Think of an idealized model of matter in which all of the atoms are fixed in position. In the presence of an electric field each atom will develop an electric dipole moment; the dipole moment induced on each atom will depend upon the atomic species. Some atomic configurations also carry a permanent electric dipole moment by virtue of their geometric arrangement: the water molecule, for example carries a permanent dipole moment of 6.17 × 10−30 Coulomb-meters (see problem (1.12). Let the dipole moment on atom i be $$\vec pi$$ Coulomb-meters. Select a volume element ∆V located at some position $$\vec r$$ in the matter. At some instant of time, t, measure the dipole moment on each atom contained in ∆V and calculate their vector sum, $$\sum_{i} \vec{\mathrm{p}}_{i}$$ . This moment will fluctuate with time, so it is necessary to perform a time average over an interval that is long compared with atomic fluctuations but short compared with times of experimental interest; let this time average be $$\left\langle\sum_{i} \vec{\mathrm{p}}_{i}\right\rangle$$. Then the electric dipole density is given by

$\overrightarrow{\mathrm{P}}(\overrightarrow{\mathrm{r}}, t)=\frac{\left\langle\sum_{i} \overrightarrow{\mathrm{p}}_{i}\right\rangle}{\Delta V} \quad \text { Coulombs } / \mathrm{m}^{2}. \label{1.29}$

The shape and size of ∆V are unimportant: the volume of ∆V should be large compared with an atom, but small compared with the distance over which $$\vec P$$ varies in space. In a real material the atoms are not generally fixed in position. In a solid they jiggle about more or less fixed sites. In liquids and gasses they may, in addition, take part in mass flow as matter flows from one place to another. This atomic motion considerably complicates the calculation of the electric dipole density because the effective electric dipole on an atom or molecule that is moving with respect to the observer includes a small contribution due to any magnetic dipole moment that might be carried by that atom or molecule. However these correction terms are very small and may be neglected in the limit $$\frac{\mathrm{v}}{\mathrm{c}} \ll 1$$.

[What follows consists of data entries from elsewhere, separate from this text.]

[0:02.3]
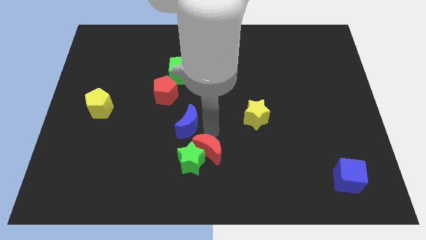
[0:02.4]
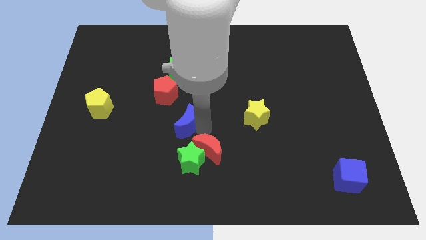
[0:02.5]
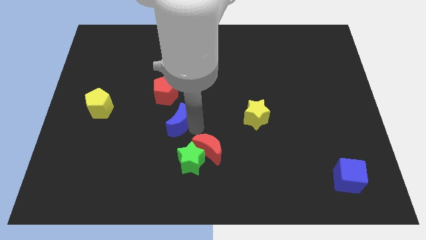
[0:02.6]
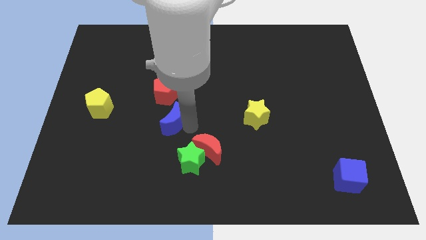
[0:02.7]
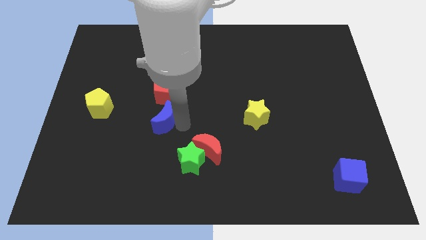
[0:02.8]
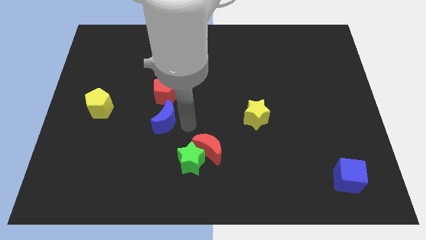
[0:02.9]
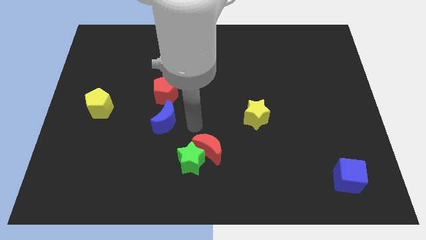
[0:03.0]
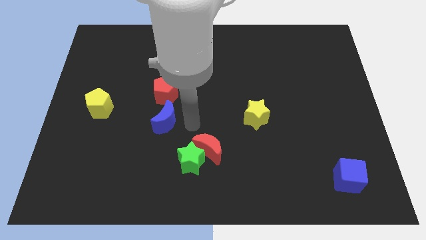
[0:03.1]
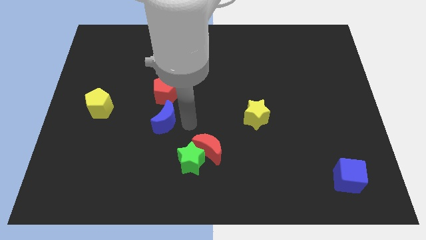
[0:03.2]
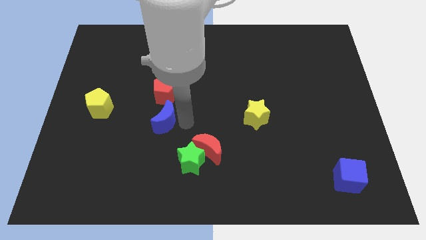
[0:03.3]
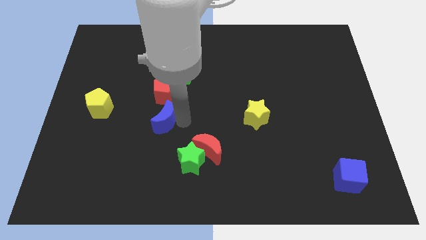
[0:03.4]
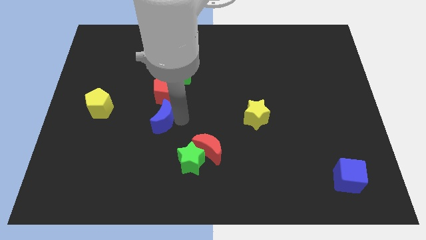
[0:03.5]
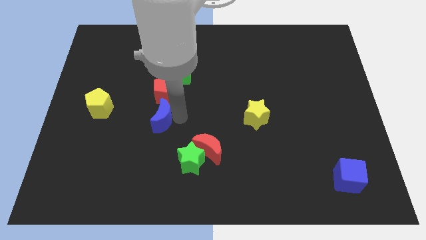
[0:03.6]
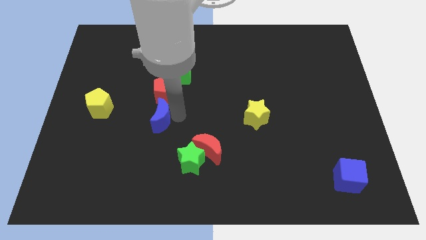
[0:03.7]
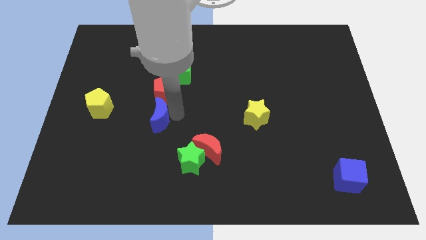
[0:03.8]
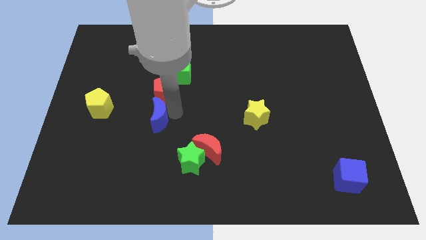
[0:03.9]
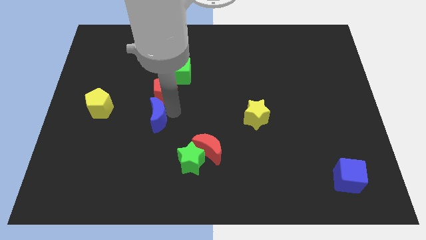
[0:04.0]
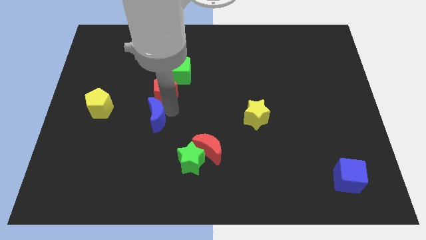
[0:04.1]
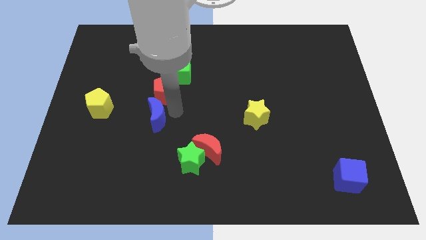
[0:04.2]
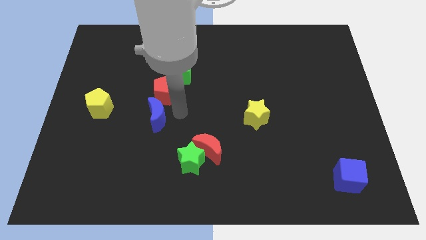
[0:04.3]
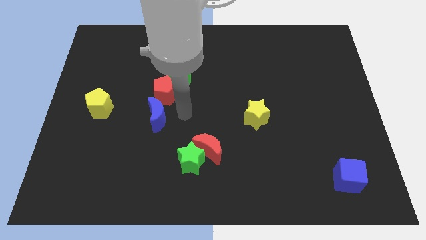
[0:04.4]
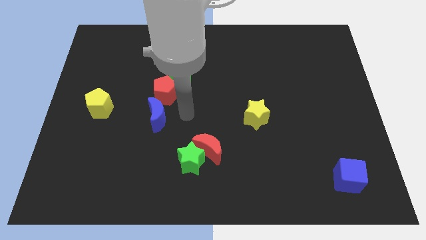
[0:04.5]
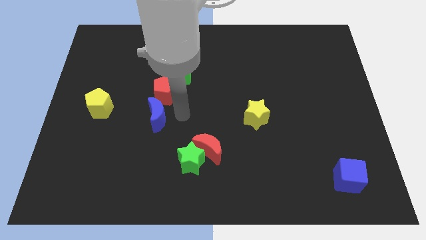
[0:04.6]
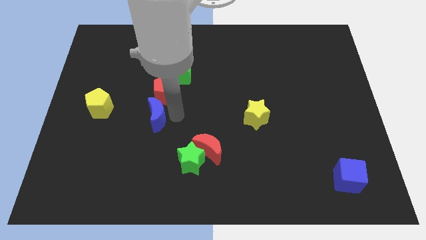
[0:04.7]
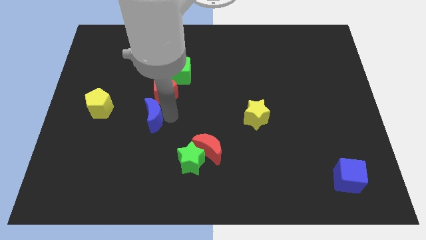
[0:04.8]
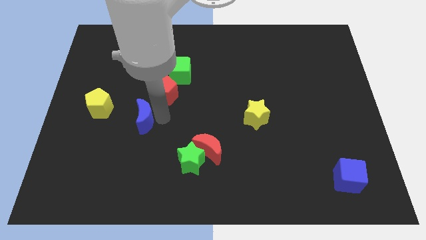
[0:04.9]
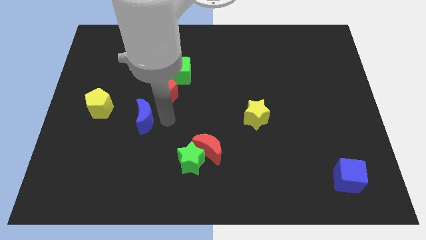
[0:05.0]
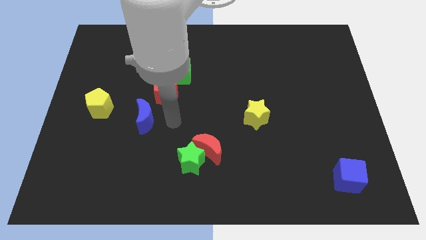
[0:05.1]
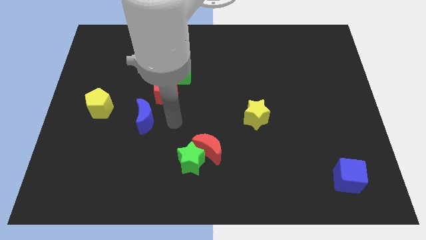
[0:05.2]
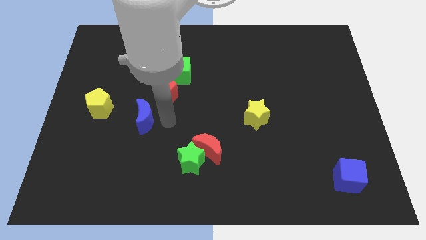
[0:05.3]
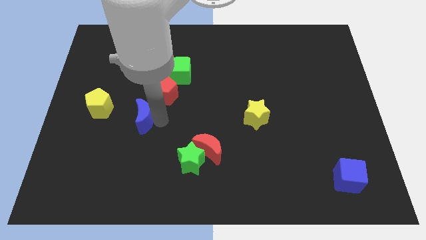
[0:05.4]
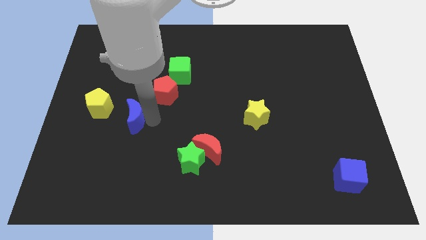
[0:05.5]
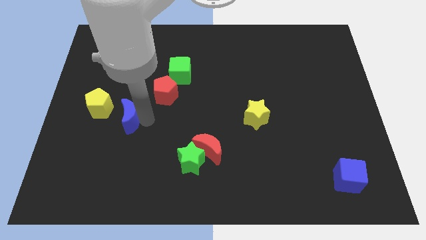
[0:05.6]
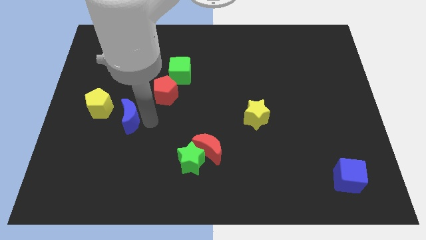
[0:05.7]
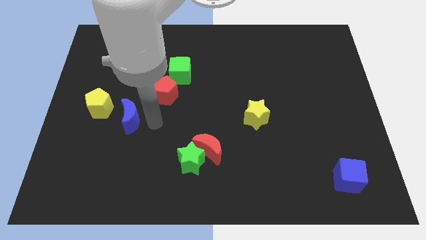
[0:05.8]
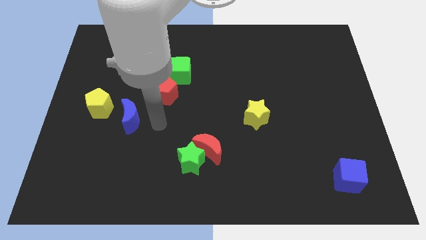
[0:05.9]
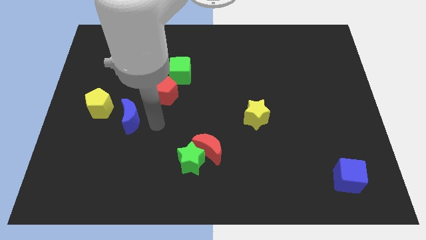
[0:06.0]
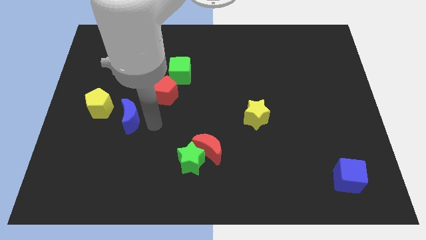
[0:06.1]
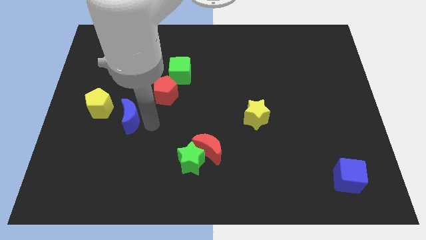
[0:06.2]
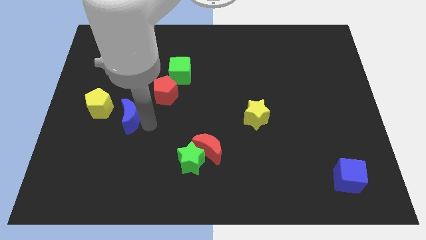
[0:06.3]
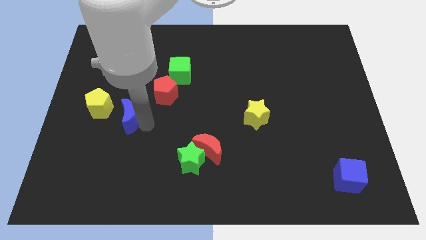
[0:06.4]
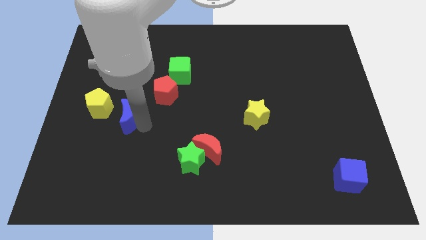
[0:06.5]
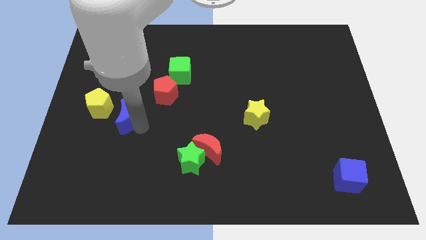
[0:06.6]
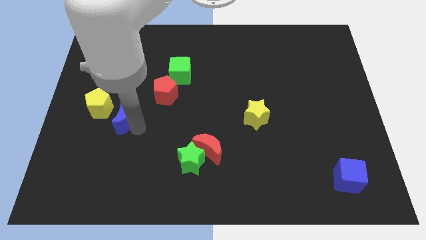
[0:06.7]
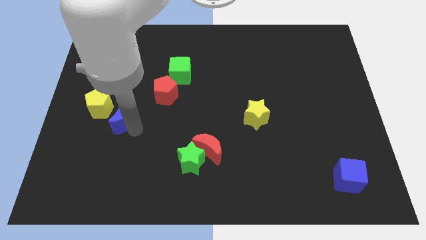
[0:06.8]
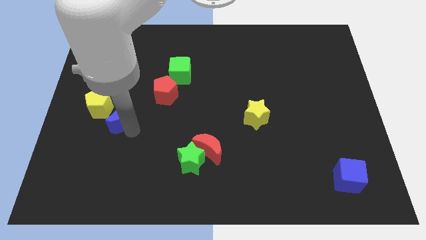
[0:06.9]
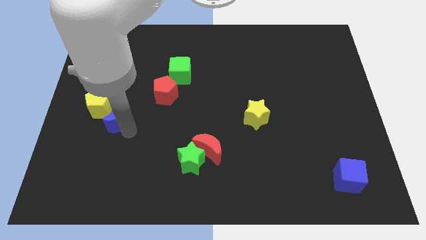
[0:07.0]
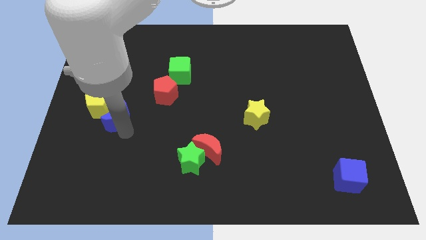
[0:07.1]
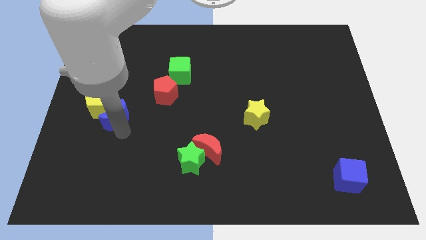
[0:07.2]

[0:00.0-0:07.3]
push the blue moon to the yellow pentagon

### The Definition of the Magnetic Dipole Density, $$\vec M$$.

This vector quantity is defined in a manner that is similar to the definition of the electric dipole moment per unit volume:

$\vec{\mathrm{M}}(\vec{\mathrm{r}}, t)=\frac{\left\langle\sum_{i} \vec{\mathrm{m}}_{i}\right\rangle}{\Delta V} \quad \text { Amps / meter. } \label{1.30}$

$$\left\langle\sum_{i} \vec{\mathrm{m}}_{i}\right\rangle$$ is a suitable time average over the atomic magnetic moments contained in a small volume element, ∆V , at time t and centered at the position specified by $$\vec r$$. It is assumed that the atoms are stationary. If they are not, the magnetization density contains contributions which are proportional the velocities of the various atomic electric dipole moments; these velocities are measured with respect to the observer. We shall not be concerned with this correction which is very small if $$\frac{\mathrm{v}}{\mathrm{c}} \ll 1$$. As above, the volume element ∆V is supposed to be large compared with an atomic dimension but small compared with the length scale over which $$\vec M$$ varies in space.